# `Image.Segmentation`
[🔗](https://github.com/elixir-image/image_vision/blob/v0.2.0/lib/segmentation.ex#L2)

Image segmentation — which pixels belong to which object?

Two complementary entry points cover different use cases:

* `segment/2` — **promptable segmentation** via SAM 2. Click a
  point or draw a box and get back a precise mask for that object.
  Great for "cut out this foreground" or "mask this product".

* `segment_panoptic/2` — **class-labeled segmentation** via
  DETR-panoptic. Every region in the image gets a class label
  (`person`, `car`, `sky`, `road`…). Great for "what's in this
  image and where?"

## Quick start

    # Mask the object at the centre of the image
    iex> image = Image.open!("photo.jpg")
    iex> %{mask: mask, score: _} = Image.Segmentation.segment(image)

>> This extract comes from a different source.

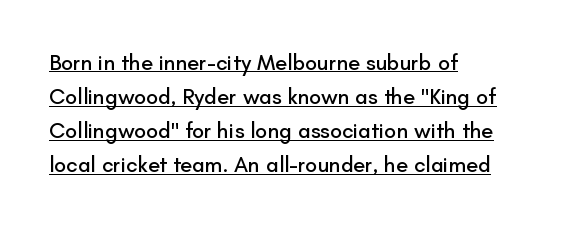
What's the leading like? Ordinary, nothing unusual. Posture: straight, roman, zero tilt. The horizontal fit of the characters is conventional and even. Casual observation: everything's shoved over to the left. A typographer would call this underscored text.
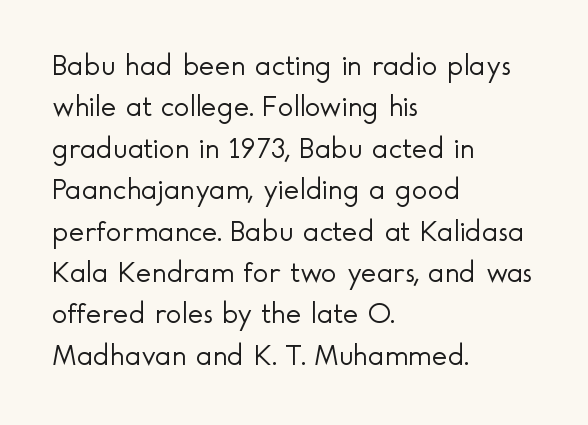
The image shows 30 px light sans-serif type, upright; set left-aligned, normal line spacing (1.38x), normal letter spacing, not underlined; a small x-height.

    # Mask the object at a specific point
    iex> %{mask: mask} = Image.Segmentation.segment(image, prompt: {:point, 320, 240})

    # Class-label every region
    iex> segments = Image.Segmentation.segment_panoptic(image)
    iex> Enum.map(segments, & &1.label)
    ["person", "car", "road", "sky"]

## Composing results with an image

    # Make the masked object the only visible content (alpha mask)
    iex> cutout = Image.Segmentation.apply_mask(image, mask)

    # Colour-coded overlay of all segments
    iex> overlay = Image.Segmentation.compose_overlay(image, segments)

## Default models

* **Promptable** — `SharpAI/sam2-hiera-tiny-onnx` (SAM 2 Tiny,
  Apache 2.0, encoder ~128 MB + decoder ~20 MB). Downloaded on
  first call via `ImageVision.ModelCache`.

* **Class-labeled** — `Xenova/detr-resnet-50-panoptic` (DETR
  ResNet-50, Apache 2.0, ~172 MB). 250 COCO panoptic classes
  covering everyday things and stuff.

Both can be overridden via options — see `segment/2` and
`segment_panoptic/2` for details.

## Optional dependency

This module is only available when
[Ortex](https://hex.pm/packages/ortex) is configured in your
application's `mix.exs`.

# `mask_result`

```elixir
@type mask_result() :: %{score: float(), mask: Vix.Vips.Image.t()}
```

A mask returned by `segment/2`.

* `:score` — SAM IoU prediction score.
* `:mask` — single-band `t:Vix.Vips.Image.t/0` in original image
  dimensions; white pixels are the segmented object.

# `segment`

```elixir
@type segment() :: %{label: String.t(), score: float(), mask: Vix.Vips.Image.t()}
```

A segmented region returned by `segment_panoptic/2`.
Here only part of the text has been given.